Yin Y, Stahl B C, DeWolf W C, Morgentaler A
Division of Urology, Beth Israel Deaconess Medical Center, Harvard Medical School, Boston, MA 02215, USA.
Apoptosis. 1998 Sep;3(4):281-7. doi: 10.1023/a:1009665309915.
Previous studies have demonstrated that testicular germ cell apoptosis can be induced both by heat stress and by withdrawal of androgens and gonadotrophins. To investigate whether heat-induced germ cell apoptosis occurs independently of the altered levels of hormones that occur with heat exposure, mouse testicular apoptosis was studied using an in vitro system with controlled levels of testosterone, FSH and LH. It was observed that cells underwent apoptosis sooner in the absence of hormones at the same temperature. Apoptosis also occurred earlier at abdominal temperature compared to scrotal temperature with the same hormonal levels. No somatic tissues studied underwent apoptosis at 37 degrees C under the same culture conditions. These results suggest that heat stress may independently activate an apoptotic pathway in the testis, and that hormone deprivation may induce apoptosis via a separate mechanism.

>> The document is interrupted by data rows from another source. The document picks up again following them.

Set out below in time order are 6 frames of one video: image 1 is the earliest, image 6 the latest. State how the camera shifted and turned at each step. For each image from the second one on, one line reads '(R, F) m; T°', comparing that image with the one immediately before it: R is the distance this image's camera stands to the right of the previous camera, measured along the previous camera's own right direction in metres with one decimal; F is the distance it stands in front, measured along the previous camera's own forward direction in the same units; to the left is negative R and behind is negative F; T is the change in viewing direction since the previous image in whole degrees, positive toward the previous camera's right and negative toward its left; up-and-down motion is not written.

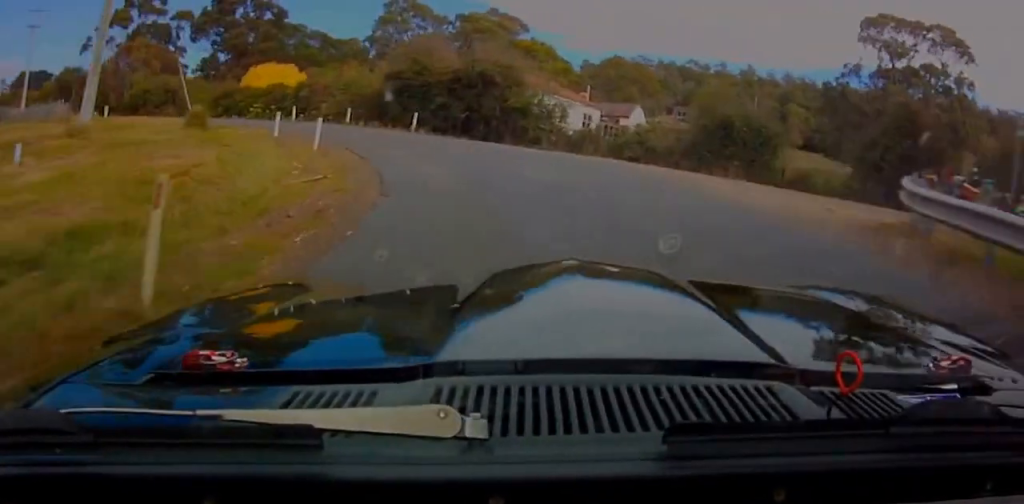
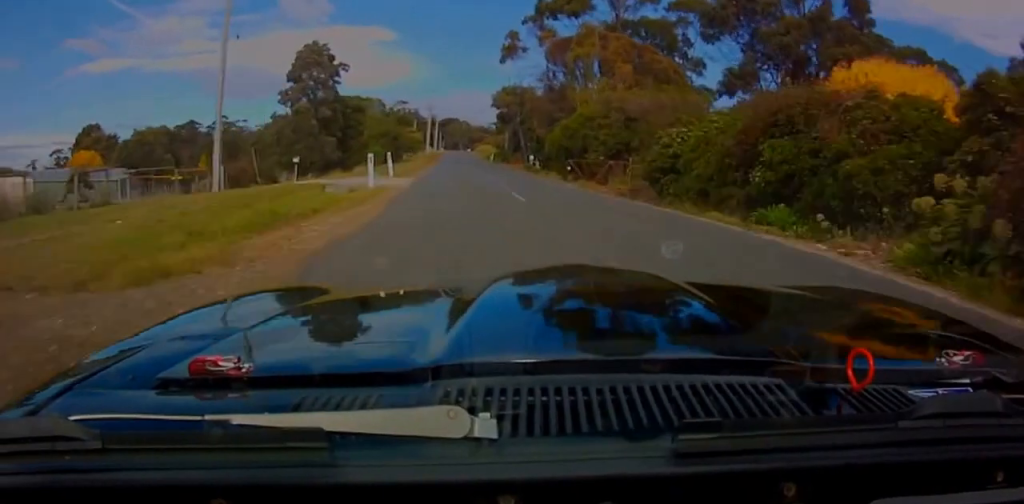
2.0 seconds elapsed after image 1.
(-15.2, +38.9) m; -24°
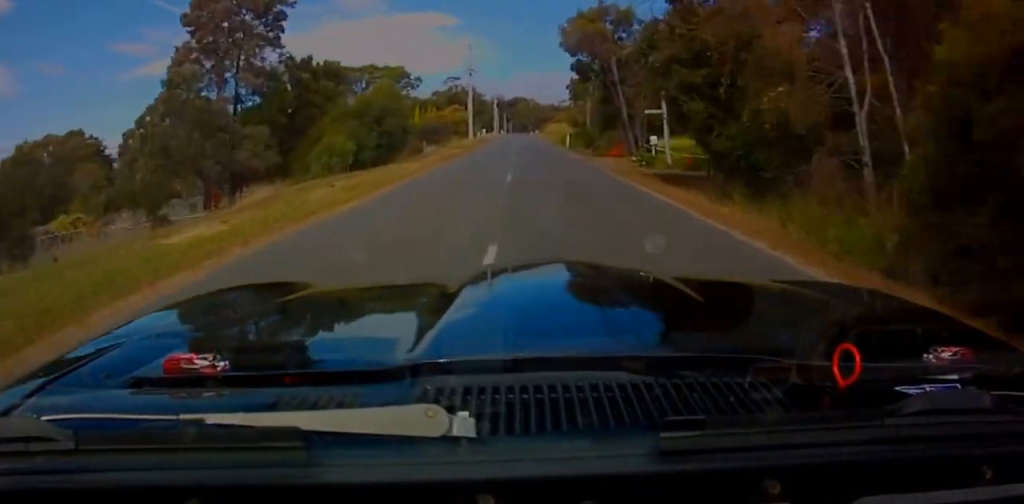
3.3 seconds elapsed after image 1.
(-0.1, +33.3) m; -7°
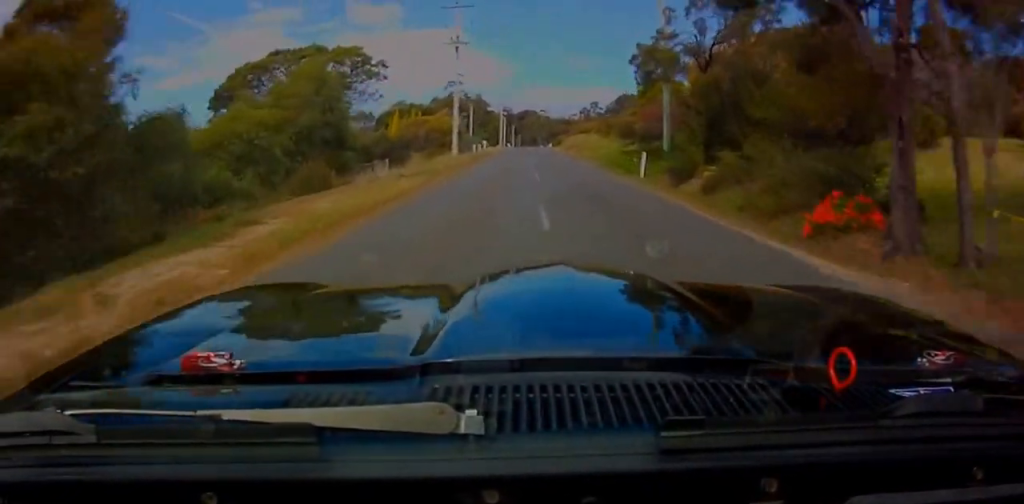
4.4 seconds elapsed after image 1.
(-3.5, +29.9) m; -9°
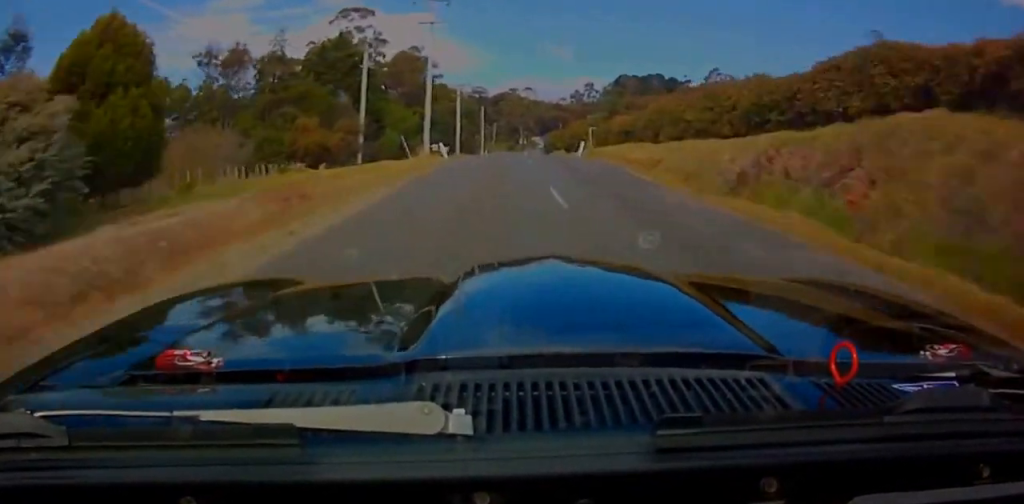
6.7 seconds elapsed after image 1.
(-3.1, +79.2) m; -2°
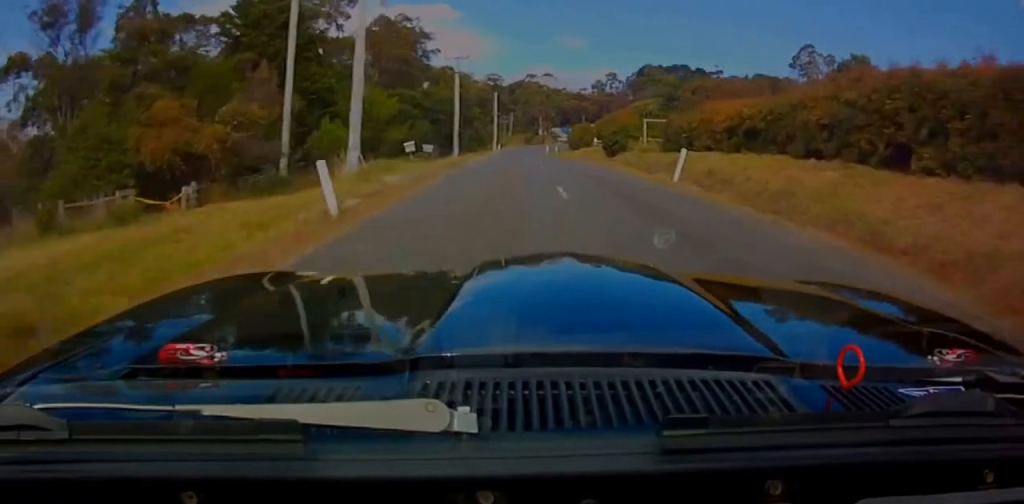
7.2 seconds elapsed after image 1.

先前的研究表明,热应激以及雄激素和促性腺激素的撤除均可诱导睾丸生殖细胞凋亡。为了研究热诱导的生殖细胞凋亡是否独立于热暴露时发生的激素水平变化,我们使用了一个能控制睾酮、促卵泡激素(FSH)和促黄体生成素(LH)水平的体外系统来研究小鼠睾丸凋亡。结果发现,在相同温度下,缺乏激素时细胞更快发生凋亡。在相同激素水平下,腹部温度时的凋亡也比阴囊温度时更早发生。在相同培养条件下,37摄氏度时所研究的体细胞组织均未发生凋亡。这些结果表明,热应激可能独立激活睾丸中的凋亡途径,而激素剥夺可能通过一种独立机制诱导凋亡。